Contudo, em sua última crônica no citado livro, denominada de Esperança, e tratando ainda de política, ele diz:

...De fato, perdi as esperanças. Mas não por ter ficado deprimido. Perdi as esperanças no momento em que me decidi naquilo que meus os meus olhos têm estado a me dizer pela vida afora.
A perda da esperança pode ser uma manifestação de lucidez. O próprio Álvaro de Campos, sem modéstia alguma, ligava a perda da esperança à inteligência.

Continua sua reflexão, cita Guimarães Rosa e Maquiavel para defenestrar os políticos e a política, pois, segundo ele, politica é caçada e políticos são caçadores preparando armadilhas em busca pura e simplesmente do poder, e acrescenta:

Jogam-se as iscas: todos, sem exceção, são iguais no seu discursos - falam as mesmas coisas, as que são sempre faladas...

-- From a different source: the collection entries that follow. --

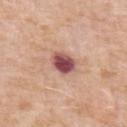Acquisition and patient details: Automated tile analysis of the lesion measured an area of roughly 6.5 mm² and an eccentricity of roughly 0.55. The software also gave an average lesion color of about L≈50 a*≈26 b*≈22 (CIELAB), a lesion–skin lightness drop of about 18, and a normalized lesion–skin contrast near 13. The software also gave a border-irregularity rating of about 1.5/10 and peripheral color asymmetry of about 1.5. The software also gave an automated nevus-likeness rating near 20 out of 100 and a lesion-detection confidence of about 100/100. Cropped from a whole-body photographic skin survey; the tile spans about 15 mm. From the left upper arm. Captured under white-light illumination. A female patient aged 58 to 62. Measured at roughly 3 mm in maximum diameter.
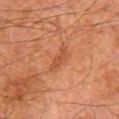- follow-up: total-body-photography surveillance lesion; no biopsy
- body site: the left thigh
- image source: ~15 mm crop, total-body skin-cancer survey
- size: about 4 mm
- subject: male, aged around 80
- automated lesion analysis: roughly 6 lightness units darker than nearby skin and a normalized lesion–skin contrast near 5; a classifier nevus-likeness of about 5/100 and a detector confidence of about 100 out of 100 that the crop contains a lesion
- tile lighting: cross-polarized illumination
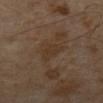Clinical impression:
Captured during whole-body skin photography for melanoma surveillance; the lesion was not biopsied.
Acquisition and patient details:
This is a cross-polarized tile. A male subject roughly 65 years of age. A 15 mm crop from a total-body photograph taken for skin-cancer surveillance. About 3 mm across.
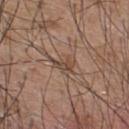biopsy_status: not biopsied; imaged during a skin examination
lesion_size:
  long_diameter_mm_approx: 3.0
automated_metrics:
  eccentricity: 0.8
  shape_asymmetry: 0.5
  vs_skin_darker_L: 9.0
  vs_skin_contrast_norm: 7.0
  border_irregularity_0_10: 6.0
  peripheral_color_asymmetry: 1.0
patient:
  sex: male
  age_approx: 55
site: upper back
lighting: white-light
image:
  source: total-body photography crop
  field_of_view_mm: 15
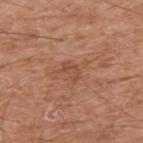Captured during whole-body skin photography for melanoma surveillance; the lesion was not biopsied.
The subject is a male in their mid-60s.
Imaged with white-light lighting.
This image is a 15 mm lesion crop taken from a total-body photograph.
Measured at roughly 2.5 mm in maximum diameter.
Located on the right upper arm.
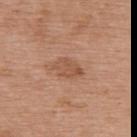biopsy_status: not biopsied; imaged during a skin examination
site: upper back
lighting: white-light
patient:
  sex: female
  age_approx: 70
image:
  source: total-body photography crop
  field_of_view_mm: 15
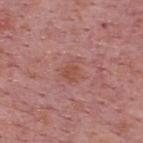Q: Was a biopsy performed?
A: catalogued during a skin exam; not biopsied
Q: How was this image acquired?
A: 15 mm crop, total-body photography
Q: Where on the body is the lesion?
A: the upper back
Q: What are the patient's age and sex?
A: male, about 75 years old
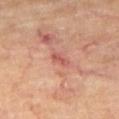Image and clinical context: A patient in their mid-60s. About 2.5 mm across. The tile uses cross-polarized illumination. Cropped from a whole-body photographic skin survey; the tile spans about 15 mm. The lesion is on the right thigh.
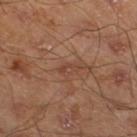Clinical impression: The lesion was tiled from a total-body skin photograph and was not biopsied. Clinical summary: The tile uses cross-polarized illumination. Approximately 2.5 mm at its widest. On the left lower leg. A male patient, aged 43–47. A region of skin cropped from a whole-body photographic capture, roughly 15 mm wide.
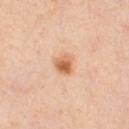Part of a total-body skin-imaging series; this lesion was reviewed on a skin check and was not flagged for biopsy.
The lesion is on the leg.
The subject is a female approximately 40 years of age.
Measured at roughly 2.5 mm in maximum diameter.
A close-up tile cropped from a whole-body skin photograph, about 15 mm across.
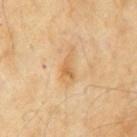Q: Was a biopsy performed?
A: total-body-photography surveillance lesion; no biopsy
Q: How large is the lesion?
A: about 4 mm
Q: How was this image acquired?
A: total-body-photography crop, ~15 mm field of view
Q: How was the tile lit?
A: cross-polarized illumination
Q: Patient demographics?
A: male, about 60 years old
Q: Where on the body is the lesion?
A: the abdomen
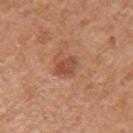<lesion>
  <biopsy_status>not biopsied; imaged during a skin examination</biopsy_status>
  <site>arm</site>
  <patient>
    <sex>male</sex>
    <age_approx>65</age_approx>
  </patient>
  <lesion_size>
    <long_diameter_mm_approx>3.0</long_diameter_mm_approx>
  </lesion_size>
  <image>
    <source>total-body photography crop</source>
    <field_of_view_mm>15</field_of_view_mm>
  </image>
</lesion>
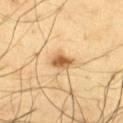The lesion was photographed on a routine skin check and not biopsied; there is no pathology result.
The total-body-photography lesion software estimated an area of roughly 4.5 mm², a shape eccentricity near 0.75, and a shape-asymmetry score of about 0.25 (0 = symmetric). It also reported an average lesion color of about L≈63 a*≈21 b*≈43 (CIELAB), about 15 CIELAB-L* units darker than the surrounding skin, and a normalized lesion–skin contrast near 9.5. The analysis additionally found a nevus-likeness score of about 95/100 and a detector confidence of about 100 out of 100 that the crop contains a lesion.
A male subject aged approximately 65.
The lesion is on the right thigh.
Approximately 3 mm at its widest.
A 15 mm close-up extracted from a 3D total-body photography capture.
This is a cross-polarized tile.
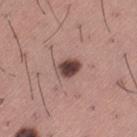workup: no biopsy performed (imaged during a skin exam) | anatomic site: the left thigh | subject: male, aged 43–47 | imaging modality: total-body-photography crop, ~15 mm field of view.
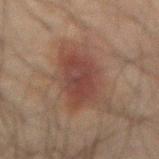The recorded lesion diameter is about 6 mm. Captured under cross-polarized illumination. A male patient, aged 58 to 62. A roughly 15 mm field-of-view crop from a total-body skin photograph. Located on the abdomen. Automated tile analysis of the lesion measured a border-irregularity index near 3/10 and radial color variation of about 1. The analysis additionally found a classifier nevus-likeness of about 95/100 and lesion-presence confidence of about 100/100.
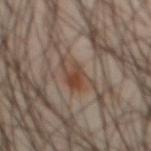Part of a total-body skin-imaging series; this lesion was reviewed on a skin check and was not flagged for biopsy.
A close-up tile cropped from a whole-body skin photograph, about 15 mm across.
The patient is a male aged approximately 45.
Longest diameter approximately 4 mm.
On the abdomen.
Imaged with cross-polarized lighting.
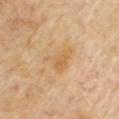Assessment: Captured during whole-body skin photography for melanoma surveillance; the lesion was not biopsied.

Li esse texto e pensei: meu Deus, ele também passou a ver só o que os olhos vêem. Não podem mais existir prefeitas e prefeitos com sonhos de jardins. Tudo acabou.
Aproveitando a frase do Alvaro de Campos, não me sinto inteligente o suficiente para perder a esperança. Creio na capacidade de homens que, como os poetas, expressam o que a alma justa pensa e que, diferente dos poetas, são capazes de se exporem para não apenas falarem sobre jardins, mas trabalharem na construção deles. Pessoas que saem dos escritórios, das salas de aulas, da frente dos computadores, dos auditórios de palestras e vêm para, como os profetas, dizerem o que precisa ser dito, serem criticados no que precisam ser criticados, discutirem o que precisa ser discutidos para que avanços sejam alcançados e jardins possam ser sonhados.
Continuo admirando o Rubem, assim como o Elias. Um dia o profeta precisou ser lembrado que, ainda que imaginasse estar tudo acabado, uma quantia enorme de gente, talvez desconhecida e despercebida pelos comuns, mas conhecida e percebida pelo Extraordinário, continuava sendo capaz de ser fermento levedando a massa.
O Salomão também me disse que a esperança que se adia faz adoecer o coração.